Xi Jinping, who took over this situation, called on CCP members and the people to “continue to work together for the future,” under slogans like the “Chinese Dream” and the “great rejuvenation of the Chinese nation.” He tried to eliminate corruption and restore CCP discipline. As such, my understanding is that “anti-corruption” to Xi Jinping does not reject the defeating of political opponents, but it is a movement to rebuild the loosened party system, and it was as part of this process that governance like that under Mao Zedong was reproduced.


Kawashima Shin: We need to focus on both continuity and change from the Hu Jintao administration to the Xi Jinping administration.
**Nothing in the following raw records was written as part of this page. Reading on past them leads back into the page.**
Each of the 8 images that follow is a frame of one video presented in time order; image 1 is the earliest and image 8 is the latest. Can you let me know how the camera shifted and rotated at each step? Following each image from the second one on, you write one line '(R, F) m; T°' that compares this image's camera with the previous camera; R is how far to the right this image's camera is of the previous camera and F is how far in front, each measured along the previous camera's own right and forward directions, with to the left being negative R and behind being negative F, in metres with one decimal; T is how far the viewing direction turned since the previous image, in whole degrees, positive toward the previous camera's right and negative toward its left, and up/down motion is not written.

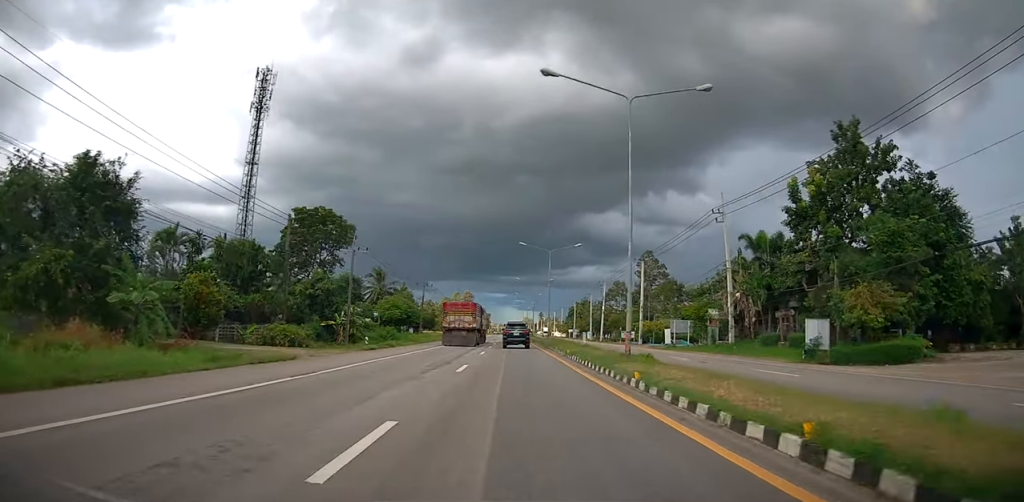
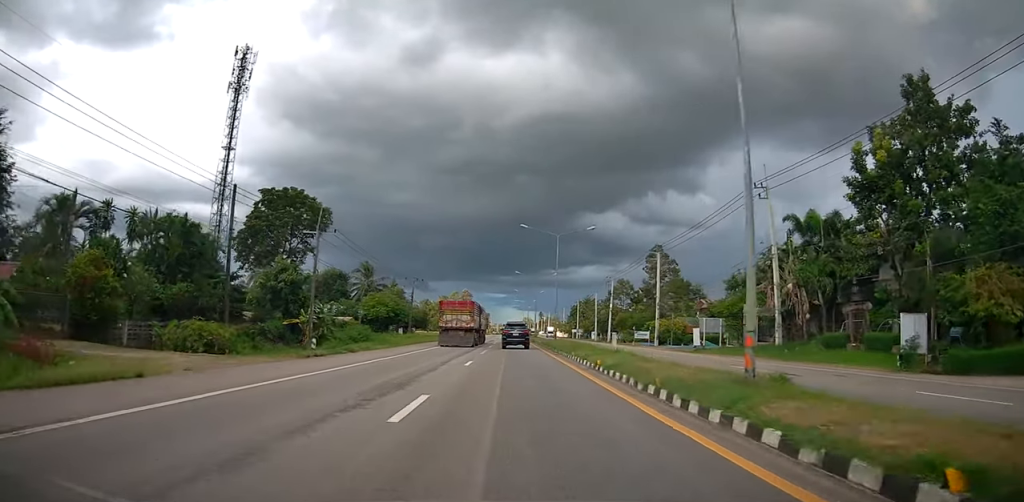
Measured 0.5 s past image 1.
(0.0, +9.0) m; 0°
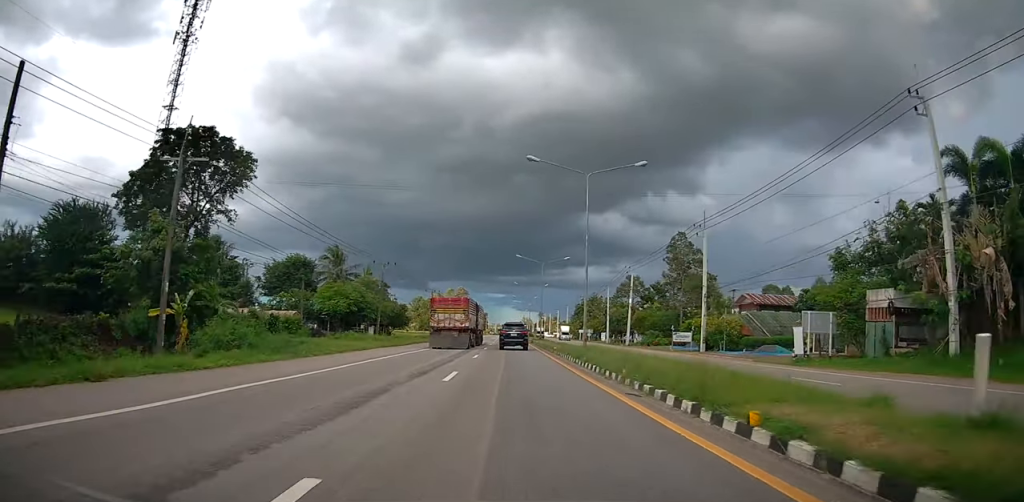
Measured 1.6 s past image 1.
(-0.4, +18.0) m; -1°
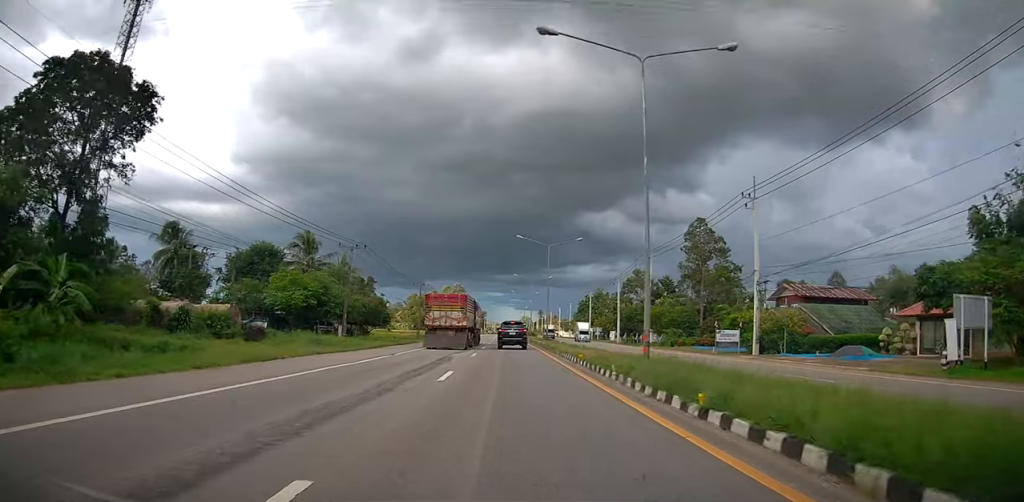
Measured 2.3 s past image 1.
(-0.1, +12.3) m; +1°
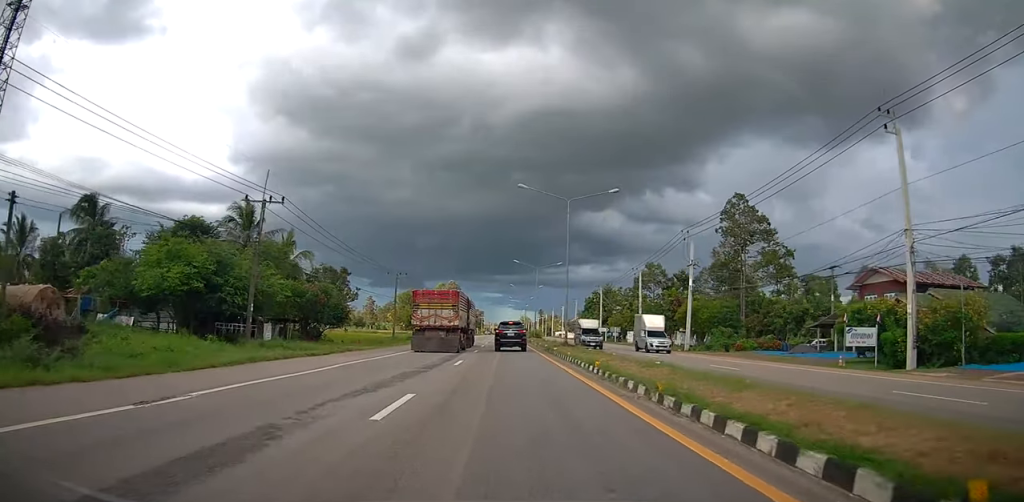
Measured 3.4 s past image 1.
(+0.6, +18.1) m; 0°
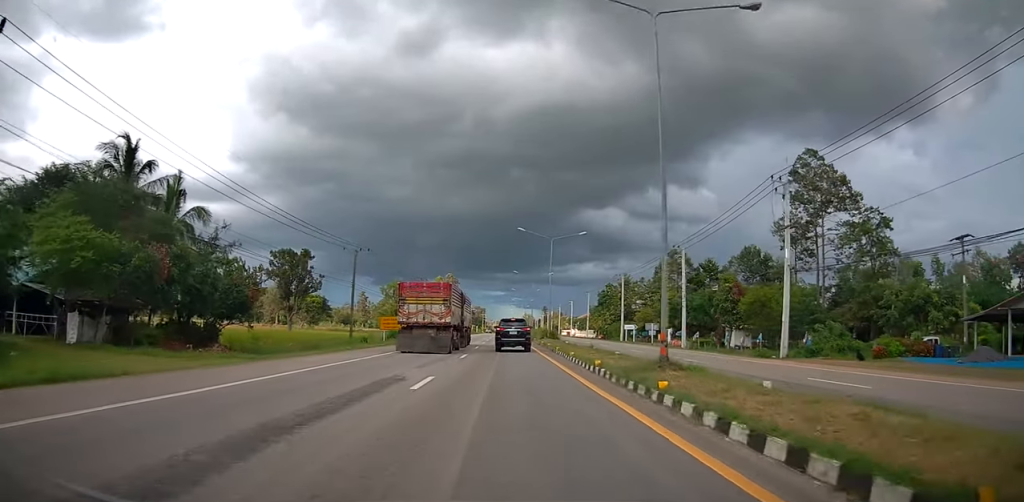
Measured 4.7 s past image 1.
(-1.0, +20.6) m; -3°
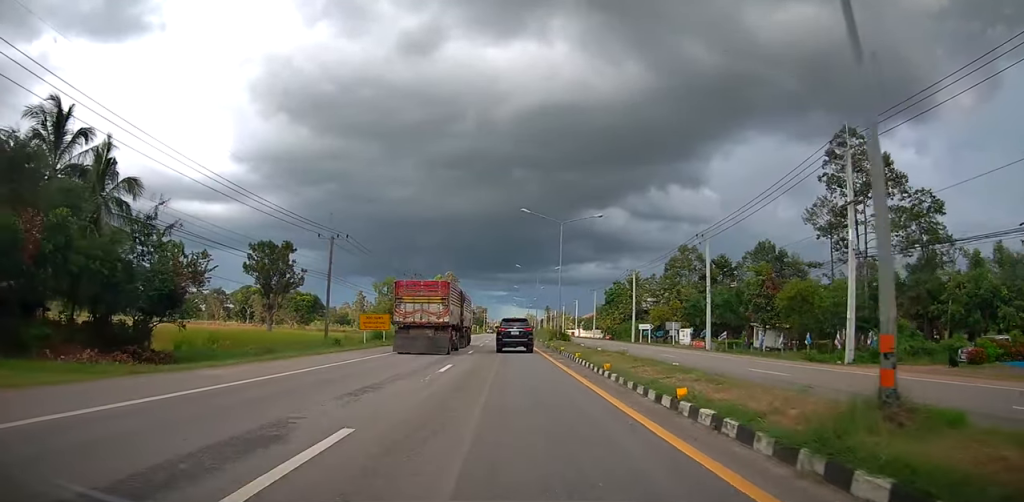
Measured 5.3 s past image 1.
(-0.4, +7.9) m; +1°
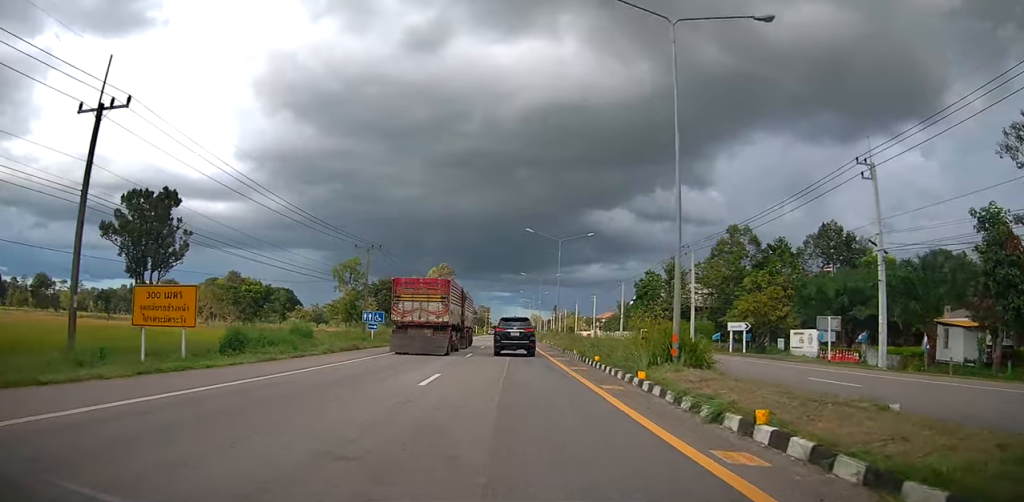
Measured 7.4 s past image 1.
(+0.8, +28.0) m; -2°

Both administrations had a major policy of continuing CCP governance, but their approaches were different. While Hu Jintao was actively trying to pick up the challenges present in Chinese society, Xi Jinping is eager to use big data and throw a control net on the base level of society to quickly grasp and deal with issues. There are also differences in tools when it comes to the utilization of digital technologies, but this can still be said to be a change in thought. It’s not that Hu Jintao didn’t do anything about anti-corruption, disparities, or developing the legal system. However, entering the Xi era, the government has developed a series of laws, including the People’s Armed Police and China’s Coast Guard Law. There are also contexts of anti-corruption and wanting to strengthen discipline within the CCP, so a variety of rules were created. Also the Central Political and Legal Affairs Commission that was downgraded in a way when Zhou Yongkang was criticized had its powers redefined with the formulation of new rules. Generally, it can be said that institutionalization and rule management have come to be more thoroughly implemented in the Xi Jinping administration era.


―General Secretary Xi Jinping gave a speech at the commemorative ceremony (“July 1st speech”). How did you view it?
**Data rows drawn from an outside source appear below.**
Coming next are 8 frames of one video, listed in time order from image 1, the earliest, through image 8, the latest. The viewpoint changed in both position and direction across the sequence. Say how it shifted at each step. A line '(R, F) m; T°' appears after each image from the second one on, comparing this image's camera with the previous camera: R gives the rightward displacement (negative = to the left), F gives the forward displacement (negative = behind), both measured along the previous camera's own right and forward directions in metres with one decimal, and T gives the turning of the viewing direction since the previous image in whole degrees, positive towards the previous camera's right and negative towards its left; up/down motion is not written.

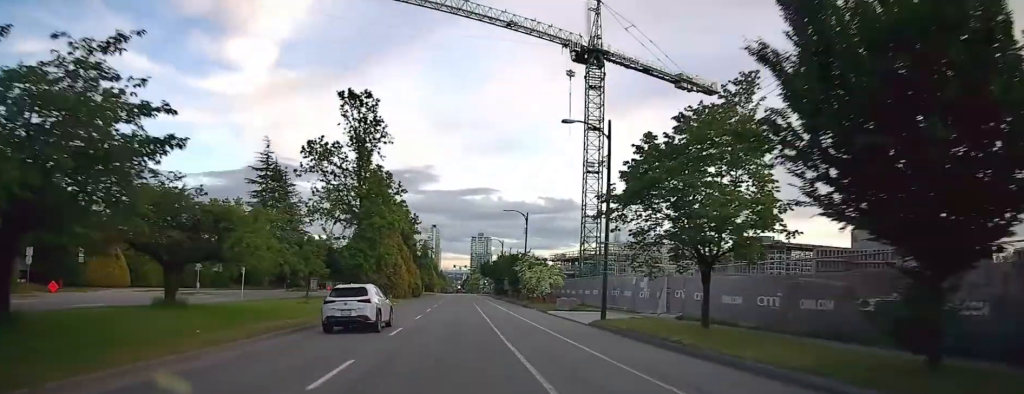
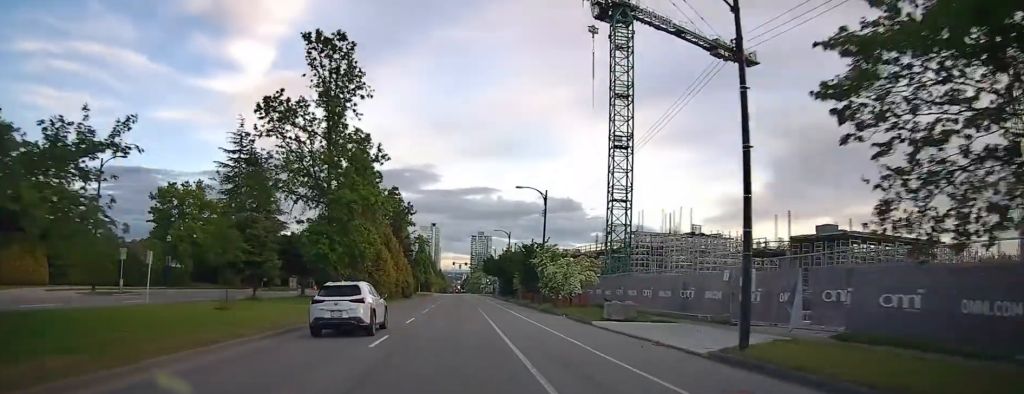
(0.0, +12.9) m; 0°
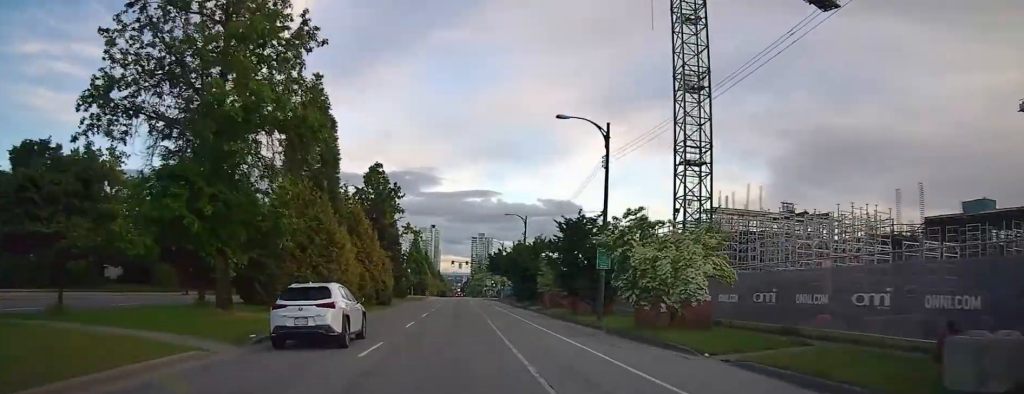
(-0.1, +19.4) m; 0°
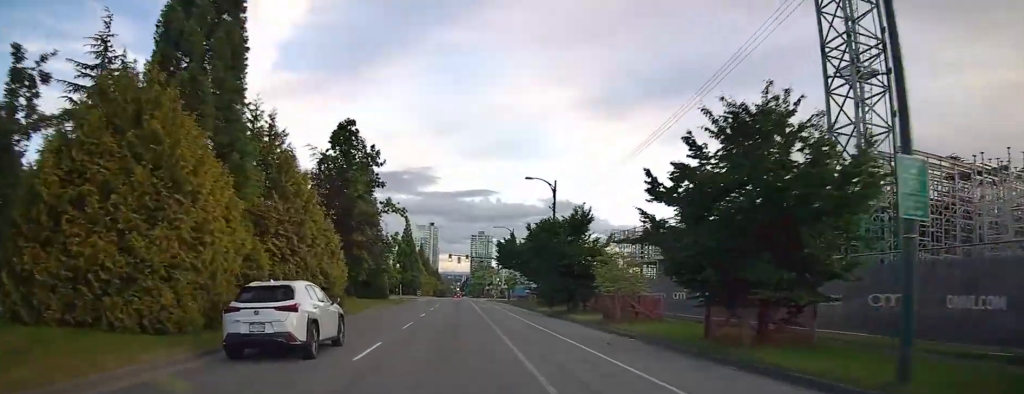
(+0.4, +18.9) m; 0°
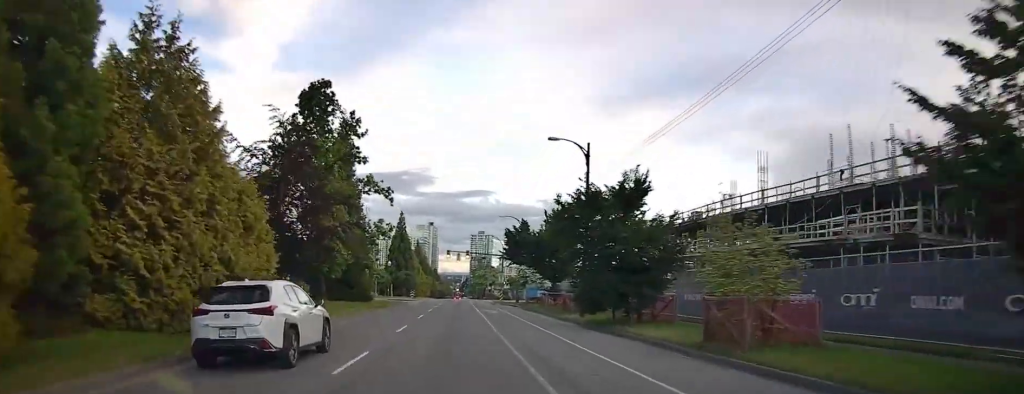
(-0.4, +10.4) m; -2°
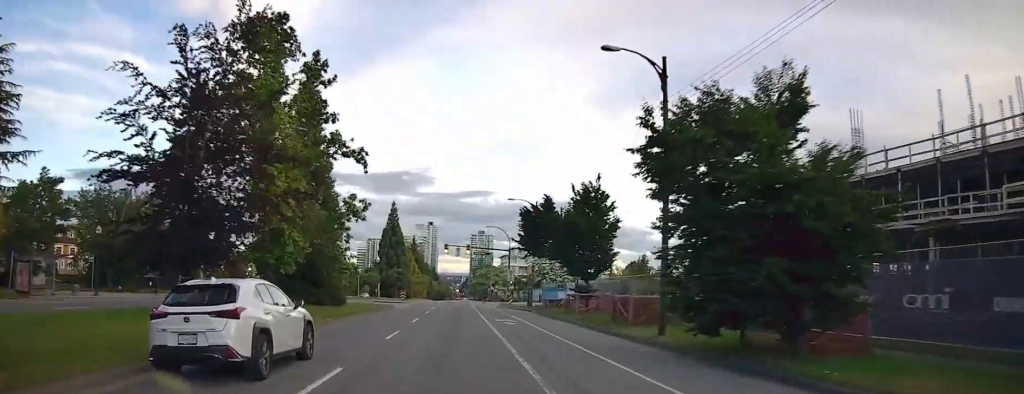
(-0.1, +11.8) m; 0°
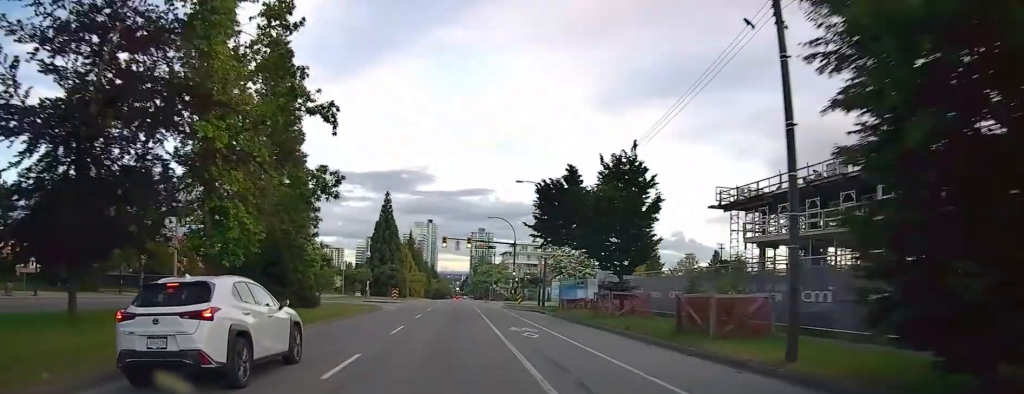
(-0.1, +7.4) m; +1°
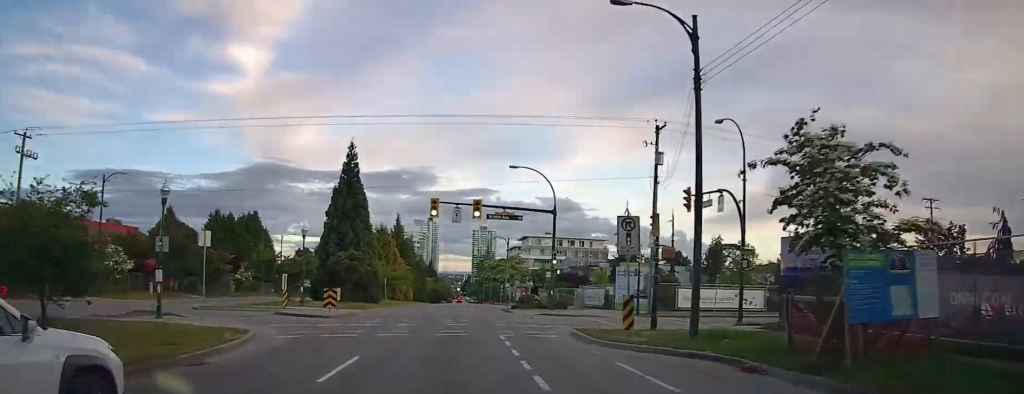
(0.0, +28.0) m; -2°

Kawashima: My impression is that most of it was phrases we’ve heard before, with few new elements. Rather, I think he wanted to say that the basic policy will not change, regardless of the US-China conflict or COVID-19. With regard to diplomacy, he didn’t mention “new type of major country relations” because the relationship with the United States is not clear, but he did talk about “new international relationships” with a focus on the United Nations. However, the audience was excited to hear him advocate that they wouldn’t follow the western international order or succumb to foreign pressures. The media also made a point of presenting that kind of sense of unity and solidarity.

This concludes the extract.